Azules que se caen de morados
Tanto dio la piedra sobre el cántaro, que se secaron los olivos. Ella tenía los ojos turbios y un turbante azul, azul como las mallas que se interponían entre mis ojos, mis manos y sus piernas, y su piel y mis pasiones; mis deseos. El agua de la fuente era dulcísimo, y cuando no, llovía a cántaros; ella cantaba una canción en la ventana azul. Azules, como sus sueños en mis manos, como el mar en lontananza, y lejos. Yo cantaba un cantar entre sus piernas (sin las mallas azules, por supuesto); la lluvia decía afuera sus cosechas mientras, en guardia, el guardián tosía y cruzaba vigilando la terraza.

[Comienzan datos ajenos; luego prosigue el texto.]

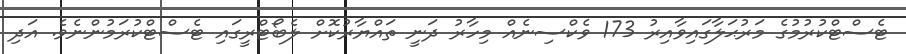
ޓެސްޓްކުރުމުގެ މަރުޙަލާގައިވާއިރު 173 ވެކްސިނެއް މިހާރު ދަނީ ތައްޔާރުކޮށް ލެބޯޓްރީގައި ޓެސްޓްކުރަމުންނެވެ. އަދި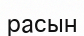
расын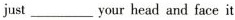
just ___ your head and face it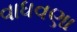
વાધવણા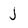
Character: j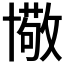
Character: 𠧂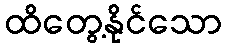
ထိတွေ့နိုင်သော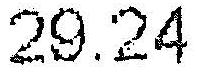
29.24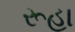
રૂહા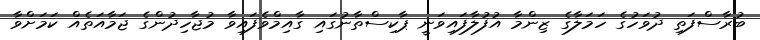
ބުރާސްފަތި ދުވަހުގެ ހަމަލާގެ ޒިންމާ އުފުލާފައިވަނީ ޕާކިސްތާނުގައި ގާއިމްވެފައިވާ މުޖާހިދުންގެ ޖަމާއަތެއް ކަމަށްވާ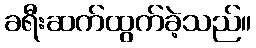
ခရီးဆက်ထွက်ခဲ့သည်။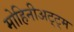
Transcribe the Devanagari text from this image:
मोहिनीअट्ट्म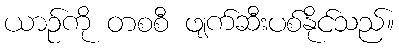
ယာဉ်ကို တစစီ ဖျက်ဆီးပစ်နိုင်သည်။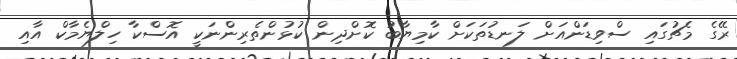
ރޭގެ މެޗުގައި ސްވިޑަންއަށް ލަނޑުތަކަށް ކާމިޔާބު ކޮށްދިން ކުޅުންތެރިންނަކީ އޮސްކާ ހިލްޔެމާކް އާއި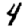
Digit: 4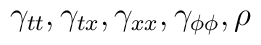
\gamma_{tt}, \gamma_{tx}, \gamma_{xx},\gamma_{\phi \phi}, \rho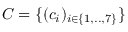
C = \{ ( c _ { i } ) _ { i \in \{ 1 , . . , 7 \} } \}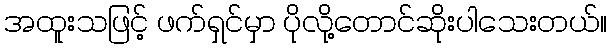
အထူးသဖြင့် ဖက်ရှင်မှာ ပိုလို့တောင်ဆိုးပါသေးတယ်။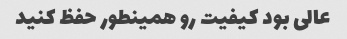
عالی بود کیفیت رو همینطور حفظ کنید
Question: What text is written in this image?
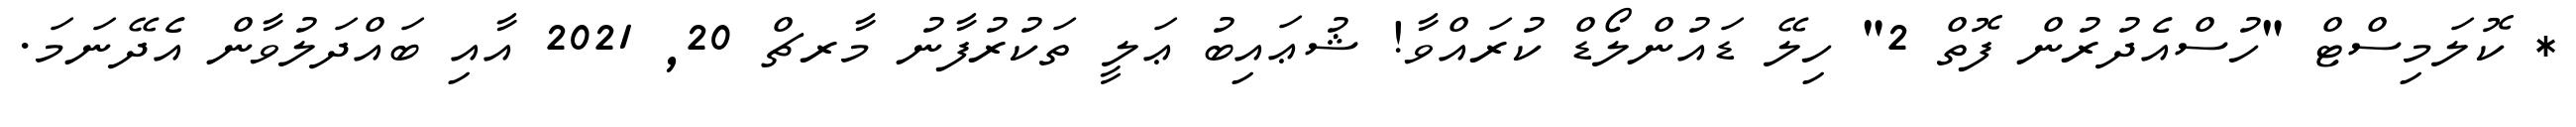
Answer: * ކޮލަމިސްޓް "ހުސްއެދުރުން ފޮތް 2" ހިލޭ ޑައުންލޯޑް ކުރައްވާ! ޝުޢައިބު ޢަލީ ތަކުރުފާނު މާރޗް 20, 2021 އާއި ބައްދަލުވާން އެދޭނަމަ.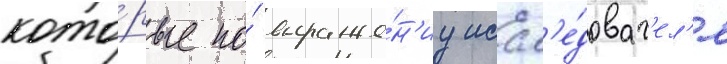
кото́рые по́ выраже́н'иу иссл'е́доват'ел'я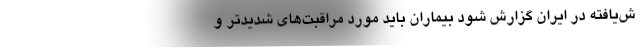
ش‌‌یافته در ایران گزارش شود بیماران باید مورد مراقبت‌‌های شدیدتر و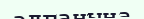
алғанына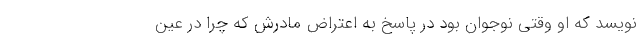
‌نویسد که او وقتی نوجوان بود در پاسخ به اعتراض مادرش که چرا در عین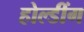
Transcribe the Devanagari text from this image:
होल्डींग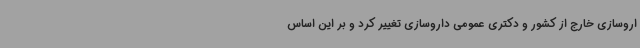
اروسازی خارج از کشور و دکتری عمومی داروسازی تغییر کرد و بر این اساس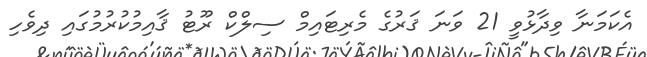
އެކަމަނާ ވިދާޅުވީ 21 ވަނަ ޤަރުގެ މެރިޓައިމް ސިލްކް ރޫޓު ޤާއިމުކުރުމުގައި ދިވެހި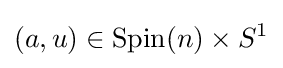
(a,u)\in \mathrm {Spin} (n)\times S^{1}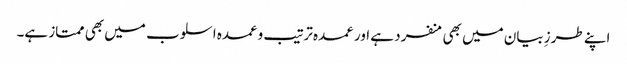
اپنے طرزِ بیان میں بھی منفرد ہے اور عمدہ ترتیب وعمدہ اسلوب میں بھی ممتاز ہے۔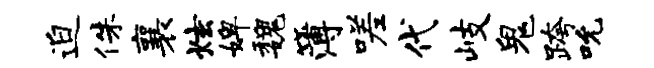
迫侏襄炫婢魏簿嗟代岐鬼跨吮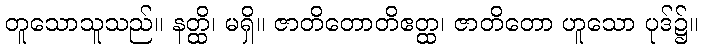
တူသောသူသည်။ နတ္ထိ၊ မရှိ။ ဇာတိတောတိဧတ္ထ၊ ဇာတိတော ဟူသော ပုဒ်၌။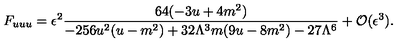
F _ { u u u } = { { \epsilon ^ { 2 } } } \frac { 6 4 ( - 3 u + 4 m ^ { 2 } ) } { - 2 5 6 u ^ { 2 } ( u - m ^ { 2 } ) + 3 2 \Lambda ^ { 3 } m ( 9 u - 8 m ^ { 2 } ) - 2 7 \Lambda ^ { 6 } } + { \cal O } ( \epsilon ^ { 3 } ) .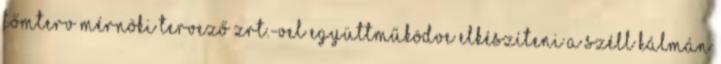
Főmterv Mérnöki Tervező Zrt.-vel együttműködve elkészíteni a Széll Kálmán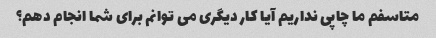
متاسفم ما چاپی نداریم آیا کار دیگری می توانم برای شما انجام دهم؟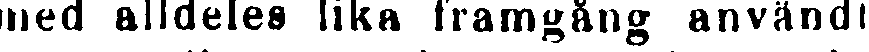
med alldeles lika framgång användt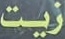
زیت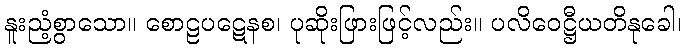
နူးညံ့စွာသော။ စောဠပဋေနစ၊ ပုဆိုးဖြားဖြင့်လည်း။ ပလိဝေဋ္ဌီယတိနုခေါ၊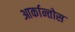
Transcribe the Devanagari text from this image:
आर्कान्तोस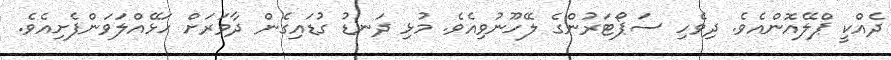
ދެއްކީ ޕްލޭއޮންއެެވެ. ދިވެހި ސަޕޯޓަރުންގެ ލޭހޫނުވިއެވެ. މުޅި ދަނޑު ގުޑައިގެން ދާވަރަށް ހަޅޭއްލަވަންފެށިއެވެ.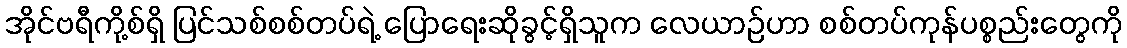
အိုင်ဗရီကို့စ်ရှိ ပြင်သစ်စစ်တပ်ရဲ့ ပြောရေးဆိုခွင့်ရှိသူက လေယာဉ်ဟာ စစ်တပ်ကုန်ပစ္စည်းတွေကို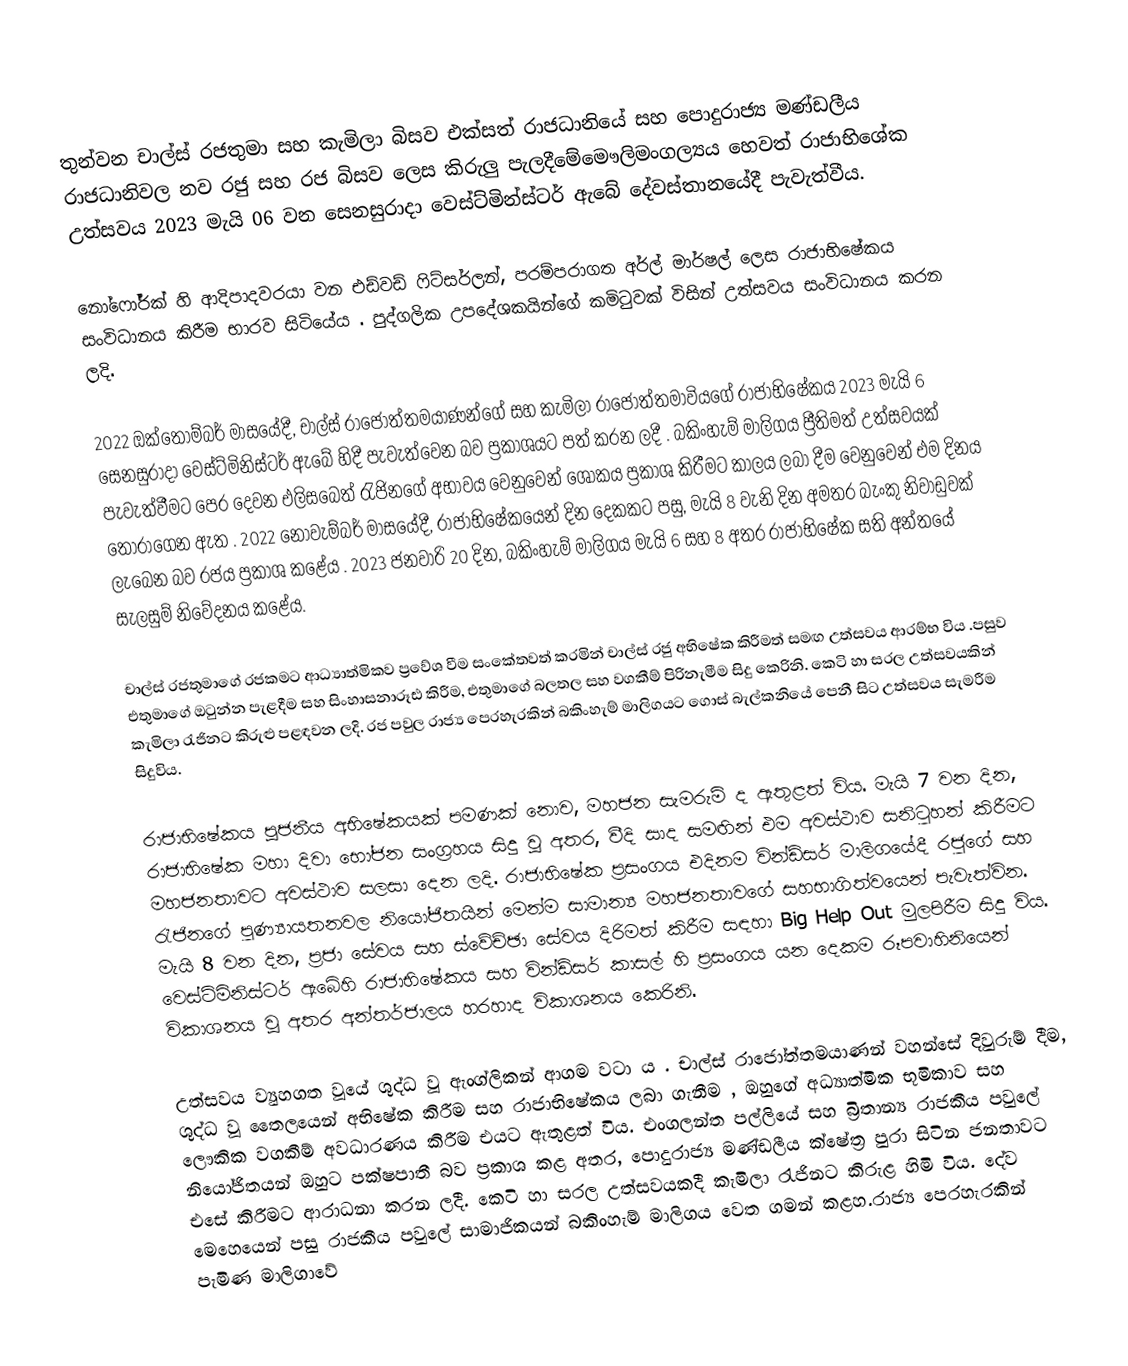
තුන්වන චාල්ස් රජතුමා සහ කැමිලා බිසව එක්සත් රාජධානියේ සහ පොදුරාජ්‍ය මණ්ඩලීය රාජධානිවල නව රජු සහ රජ බිසව ලෙස කිරුලු ‍පැලදීමේමෞලිමංගල්‍යය හෙවත් රාජාභිශේක උත්සවය 2023 මැයි 06 වන සෙනසුරාදා වෙස්ට්මින්ස්ටර් ඇබේ දේවස්‍තානයේදී පැවැත්වීය.

නෝෆෝර්ක් හි ආදිපාදවරයා වන එඩ්වඩ් ෆිට්සර්ලන්, පරම්පරාගත අර්ල් මාර්ෂල් ලෙස රාජාභිෂේකය සංවිධානය කිරීම භාරව සිටියේය . පුද්ගලික උපදේශකයින්ගේ කමිටුවක් විසින් උත්සවය සංවිධානය කරන ලදි.

2022 ඔක්තෝම්බර් මාසයේදී, චාල්ස් රාජෝත්තමයාණන්ගේ  සහ කැමිලා රාජෝත්තමාවියගේ රාජාභිෂේකය 2023 මැයි 6 සෙනසුරාදා වෙස්ට්මිනිස්ටර් ඇබේ හිදී පැවැත්වෙන බව ප්‍රකාශයට පත් කරන ලදී . බකිංහැම් මාලිගය ප්‍රීතිමත් උත්සවයක් පැවැත්වීමට පෙර දෙවන එලිසබෙත් රැජිනගේ අභාවය වෙනුවෙන් ශෝකය ප්‍රකාශ කිරීමට කාලය ලබා දීම වෙනුවෙන් එම දිනය තෝරාගෙන ඇත . 2022 නොවැම්බර් මාසයේදී, රාජාභිෂේකයෙන් දින දෙකකට පසු, මැයි 8 වැනි දින අමතර බැංකු නිවාඩුවක් ලැබෙන බව රජය ප්‍රකාශ කළේය . 2023 ජනවාරි 20 දින, බකිංහැම් මාලිගය මැයි 6 සහ 8 අතර රාජාභිෂේක  සති අන්තයේ සැලසුම් නිවේදනය කළේය.

චාල්ස් රජතුමාගේ රජකමට ආධ්‍යාත්මිකව ප්‍රවේශ වීම සංකේතවත් කරමින් චාල්ස් රජු අභිෂේක කිරීමත් සමඟ උත්සවය ආරම්භ විය .පසුව එතුමාගේ ඔටුන්න පැළදීම සහ සිංහාසනාරූඪ කිරීම, එතුමාගේ බලතල සහ වගකීම් පිරිනැමීම සිදු කෙරිනි. කෙටි හා සරල උත්සවයකින් කැමිලා රැජිනට කිරුළු පළඳවන ලදි. රජ පවුල රාජ්‍ය පෙරහැරකින් බකිංහැම් මාලිගයට ගොස් බැල්කනියේ පෙනී සිට උත්සවය සැමරීම සිදුවිය.

රාජාභිෂේකය පූජනීය අභිෂේකයක් පමණක් නොව, මහජන සැමරුම් ද ඇතුළත් විය. මැයි 7 වන දින, රාජාභිෂේක මහා දිවා භෝජන සංග්‍රහය සිදු වූ අතර, වීදි සාද සමඟින් එම අවස්ථාව සනිටුහන් කිරීමට මහජනතාවට අවස්ථාව සලසා දෙන ලදි. රාජාභිෂේක ප්‍රසංගය එදිනම වින්ඩ්සර් මාලිගයේදී රජුගේ සහ රැජිනගේ පුණ්‍යායතනවල නියෝජිතයින් මෙන්ම සාමාන්‍ය මහජනතාවගේ සහභාගිත්වයෙන් පැවැත්වින. මැයි 8 වන දින, ප්‍රජා සේවය සහ ස්වේච්ඡා සේවය දිරිමත් කිරීම සඳහා Big Help Out මුලපිරීම සිදු විය. වෙස්ට්මිනිස්ටර් ඇබේහි රාජාභිෂේකය සහ වින්ඩ්සර් කාසල් හි ප්‍රසංගය යන දෙකම රූපවාහිනියෙන් විකාශනය වූ අතර අන්තර්ජාලය හරහාද විකාශනය කෙරිනි.

උත්සවය ව්‍යුහගත වූයේ ශුද්ධ වූ ඇංග්ලිකන් ආගම වටා ය . චාල්ස් රාජෝත්තමයාණන් වහන්සේ දිවුරුම් දීම, ශුද්ධ වූ තෛලයෙන් අභිෂේක කිරීම සහ රාජාභිෂේකය ලබා ගැනීම , ඔහුගේ අධ්‍යාත්මික භූමිකාව සහ ලෞකික වගකීම් අවධාරණය කිරීම එයට ඇතුළත් විය. එංගලන්ත පල්ලියේ සහ බ්‍රිතාන්‍ය රාජකීය පවුලේ නියෝජිතයන් ඔහුට පක්ෂපාතී බව ප්‍රකාශ කළ අතර, පොදුරාජ්‍ය මණ්ඩලීය ක්ෂේත්‍ර පුරා සිටින ජනතාවට එසේ කිරීමට ආරාධනා කරන ලදී. කෙටි හා සරල උත්සවයකදී කැමිලා රැජිනට කිරුළ හිමි විය. දේව මෙහෙයෙන් පසු රාජකීය පවුලේ සාමාජිකයන් බකිංහැම් මාලිගය වෙත ගමන් කළහ.රාජ්‍ය පෙරහැරකින් පැමිණ මාලිගාවේ

Desátame la falda, me decía; desátame las ansias y el fuego y las ganas de saltar y saltar del bolling jumping. Tanto pendió el racimo, que me secó los ojos y el deseo. Sabor que se me pierde por las comisuras, por los dedos y todos los sentidos. Sabor que sabe a fresas y se chorrea como el vino que baja por las uvas; dos. Las dos que cuelgan, plenos pezones que casi revientan en el vano de la tarde; jadeando, cabalgando cabalgando, sudando con el grito que abre en dos todo el silencio y llama a su centro todas las llamas, y las manos que asen, sueltan y vuelven a asir el aire y los deseos. Lenguas que salen y penetran. Labios que se secan y se mojan. Vides colgando, maceración del tiempo en su jugo.
Yo no bajé con celular ni entré a buscar con mi escafandra el yin y el yan. Sólo bebí con sed hasta saciar todas las hambres y llenar la pendencia que ella guardaba en una página de su agenda.